# Milk Crate



## NCTransplant (Apr 23, 2010)

Anyone got a milk crate laying around, free or otherwise? trying out some new ideas, tired of lost items. Thanks for your time.


----------



## Flounderpounder (Oct 3, 2007)

I have one I could let go. In Pace, just over the causeway.


----------



## servo765 (May 25, 2013)

I have a crate I made that you can have if you want. I threw a bunch of stuff in it for a size perspective. It is a storage crate of sorts, slightly narrower than a standard milk crate. I made it to house the Plano watertight tackle trays pictured, but don't use it anymore and its taking up space in my garage. Some of the silicone is separating but could be easily fixed.

If you are interested, I will sell the Plano trays to go with it, but you can have the shell in any case if you would like it. Located in Milton.


----------



## Flounderpounder (Oct 3, 2007)

servo765 said:


> I have a crate I made that you can have if you want. I threw a bunch of stuff in it for a size perspective. It is a storage crate of sorts, slightly narrower than a standard milk crate. I made it to house the Plano watertight tackle trays pictured, but don't use it anymore and its taking up space in my garage. Some of the silicone is separating but could be easily fixed.
> 
> If you are interested, I will sell the Plano trays to go with it, but you can have the shell in any case if you would like it. Located in Milton.
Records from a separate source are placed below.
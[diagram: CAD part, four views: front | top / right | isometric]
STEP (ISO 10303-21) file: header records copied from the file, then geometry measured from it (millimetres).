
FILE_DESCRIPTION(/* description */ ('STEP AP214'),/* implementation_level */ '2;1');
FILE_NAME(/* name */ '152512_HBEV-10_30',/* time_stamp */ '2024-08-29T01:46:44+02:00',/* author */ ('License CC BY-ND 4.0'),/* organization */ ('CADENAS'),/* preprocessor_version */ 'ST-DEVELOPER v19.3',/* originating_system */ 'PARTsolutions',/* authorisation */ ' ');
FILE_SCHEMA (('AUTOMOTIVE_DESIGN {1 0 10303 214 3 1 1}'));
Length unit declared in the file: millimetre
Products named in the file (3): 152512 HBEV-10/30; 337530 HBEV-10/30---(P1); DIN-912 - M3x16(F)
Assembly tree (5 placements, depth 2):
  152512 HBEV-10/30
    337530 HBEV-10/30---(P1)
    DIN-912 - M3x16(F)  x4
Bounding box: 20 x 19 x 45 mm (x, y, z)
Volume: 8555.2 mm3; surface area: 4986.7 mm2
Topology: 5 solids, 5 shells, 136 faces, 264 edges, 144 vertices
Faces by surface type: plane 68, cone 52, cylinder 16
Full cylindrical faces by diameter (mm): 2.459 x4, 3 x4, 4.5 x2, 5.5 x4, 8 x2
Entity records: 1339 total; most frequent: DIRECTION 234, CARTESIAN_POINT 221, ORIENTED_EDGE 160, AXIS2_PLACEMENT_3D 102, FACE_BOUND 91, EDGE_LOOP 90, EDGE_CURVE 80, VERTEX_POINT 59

That is very creative! Nice job! Only upgrade needed is a way to keep that Bud Lite upright! LOL!


----------



## Bronson (Mar 26, 2014)

go behind winn dixie or publix and get the old crates they are not using.


----------



## NCTransplant (Apr 23, 2010)

Thanks for the info and the offers. I really do appreciate it, think I got it nailed for now.


----------